The classic example is keeping multiple MPI implementations around; but I know
scientists who keep multiple versions of several libraries in their home
directories depending on which apps they want to use, and just select the
right module groups.

That said, I've never tried this with anything as fundamental as libc...

[0] <http://modules.sourceforge.net/>

------
dman
One thing that doesnt receive enough attention is the changes to the Python
C-api. References :

1) <http://python3porting.com/cextensions.html>

2) [http://docs.python.org/3.0/whatsnew/3.0.html#build-and-c-
api...](http://docs.python.org/3.0/whatsnew/3.0.html#build-and-c-api-changes)

In the scientific computing world C extensions are used everywhere and moving
Python 2.x c extensions to Python 3 is a significant roadblock.

------
pnathan
As a note, it's really sad to see these kinds of articles. I do perhaps 90% of
my home programming in Common Lisp, a language which is around 30 years old,
but still has an active development community. _Without modifications_ , I can
run code from 30 years ago on a modern computer and have it return correctly.
I have no particular belief that this will be true for Python, Ruby, Perl 5,
Perl 6, C++, and a variety of other popular languages developed _after_ Common
Lisp was popularized and standardized.
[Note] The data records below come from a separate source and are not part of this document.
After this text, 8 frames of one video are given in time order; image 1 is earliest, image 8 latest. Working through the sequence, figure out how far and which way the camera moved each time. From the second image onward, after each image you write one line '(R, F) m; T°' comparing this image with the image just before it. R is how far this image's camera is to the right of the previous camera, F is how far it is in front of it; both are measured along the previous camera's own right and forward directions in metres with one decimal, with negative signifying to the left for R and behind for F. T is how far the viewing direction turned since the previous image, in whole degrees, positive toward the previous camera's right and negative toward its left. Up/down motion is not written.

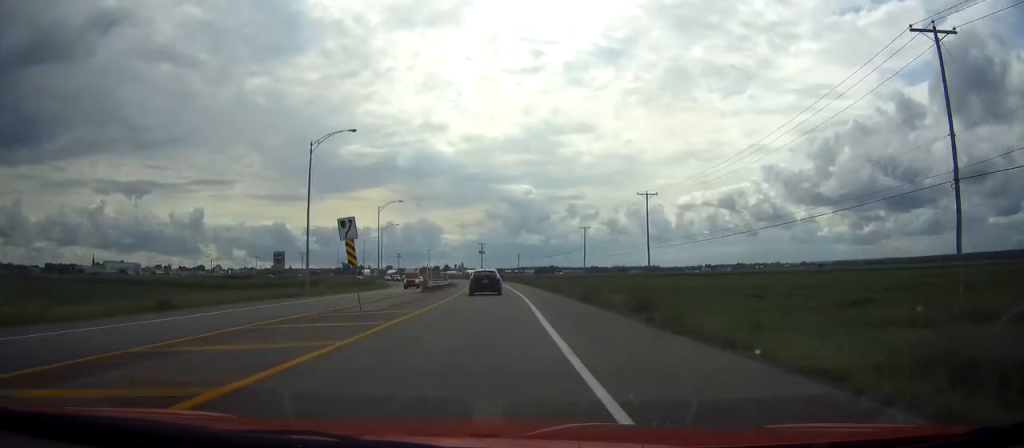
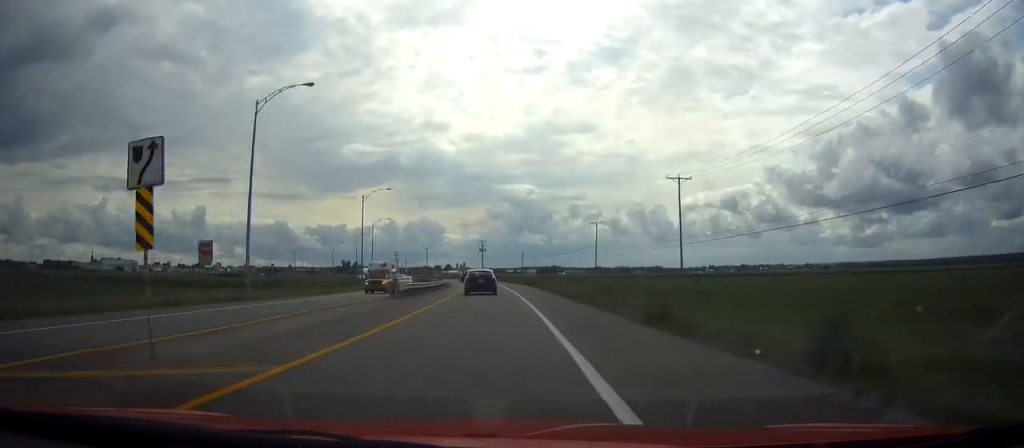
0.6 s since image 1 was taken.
(0.0, +13.7) m; 0°
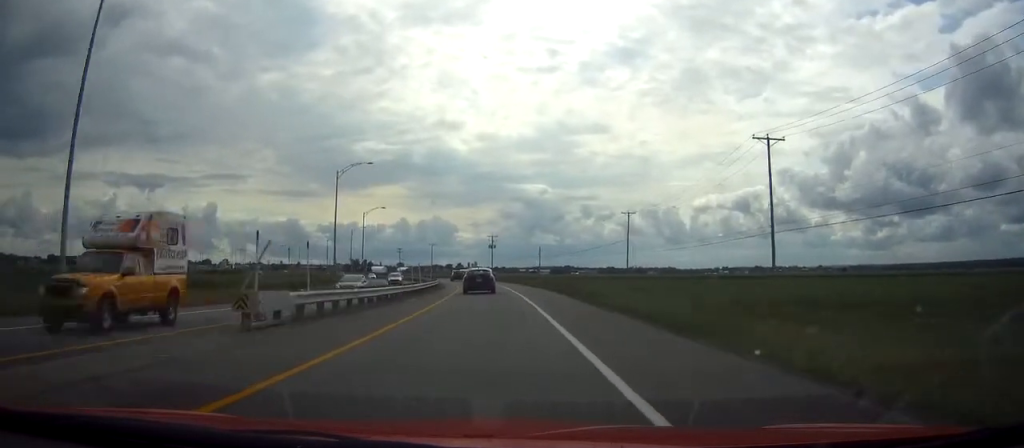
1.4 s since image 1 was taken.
(+0.1, +20.2) m; -1°
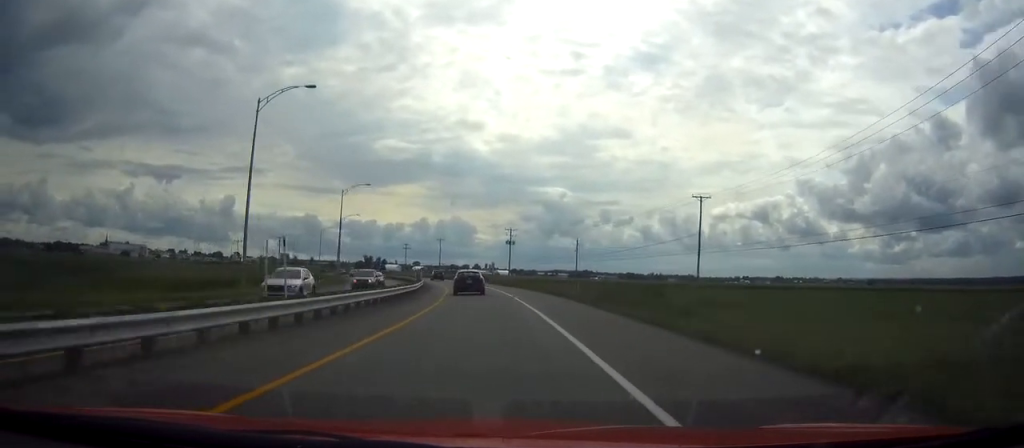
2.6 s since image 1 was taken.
(-0.7, +29.4) m; -2°
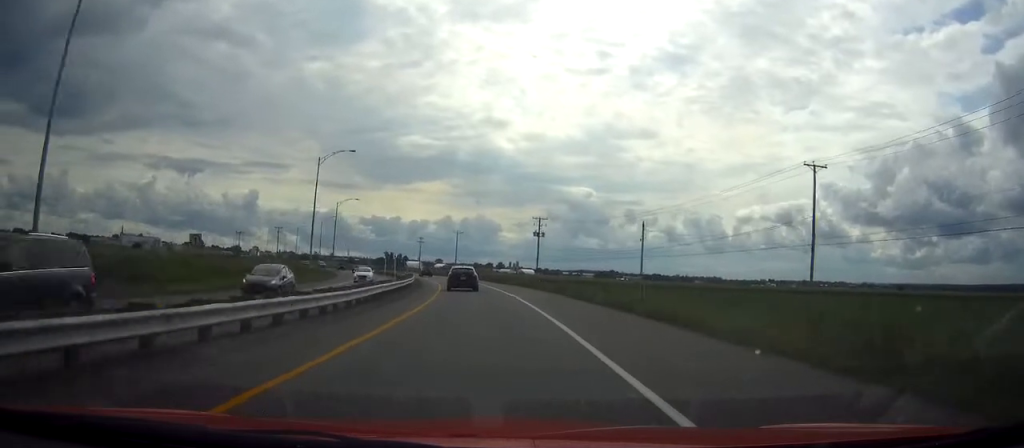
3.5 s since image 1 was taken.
(-0.3, +23.2) m; -2°
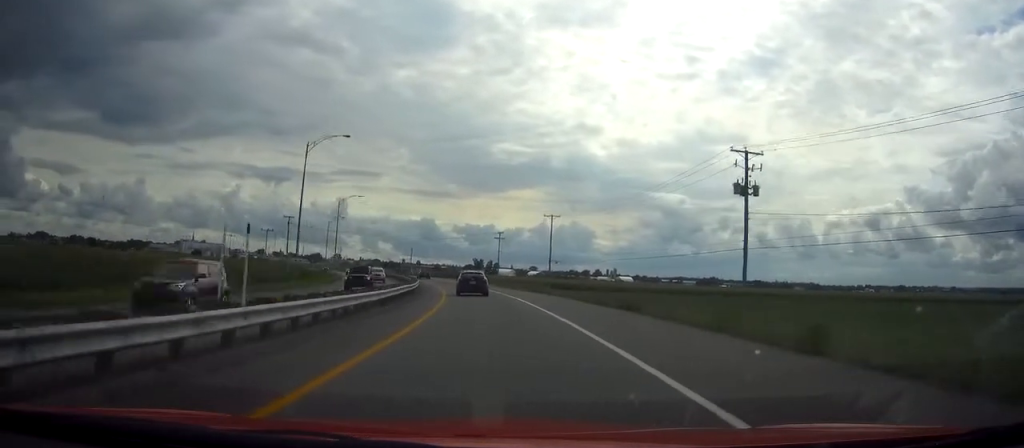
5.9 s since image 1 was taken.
(-3.9, +60.9) m; -8°
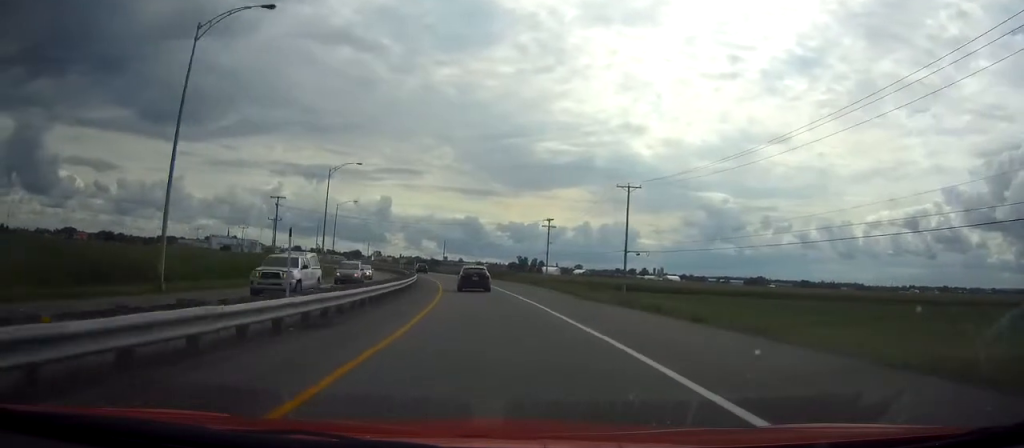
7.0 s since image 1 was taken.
(-1.1, +30.3) m; -4°
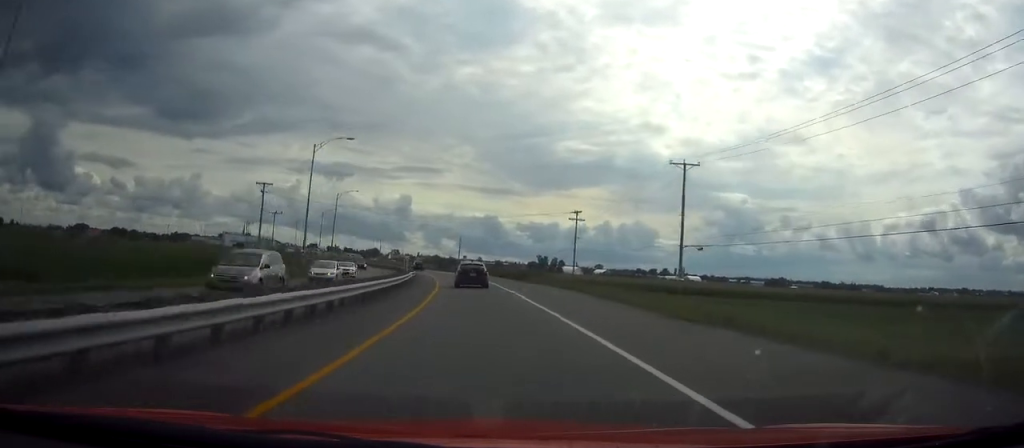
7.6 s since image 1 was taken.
(-0.2, +14.4) m; -2°

So much effort wasted upgrading your
language instead of solving your problems[1].

It's something to think about with your software choice: every line is a
legacy line for someone else to understand and compile/interpret/run. Can they
do it in the future? Do you _care_? If so, think hard and- I recommend- choose
a language which has a formal standard with multiple implementations.

[1] Obviously innovation is useful. But reinventing wheels into the same
design isn't. Obviously Haskell and other research-y languages will change.
I'm talking about production languages for production environments or for
other things persisting over the 5-20+ year spans such as science.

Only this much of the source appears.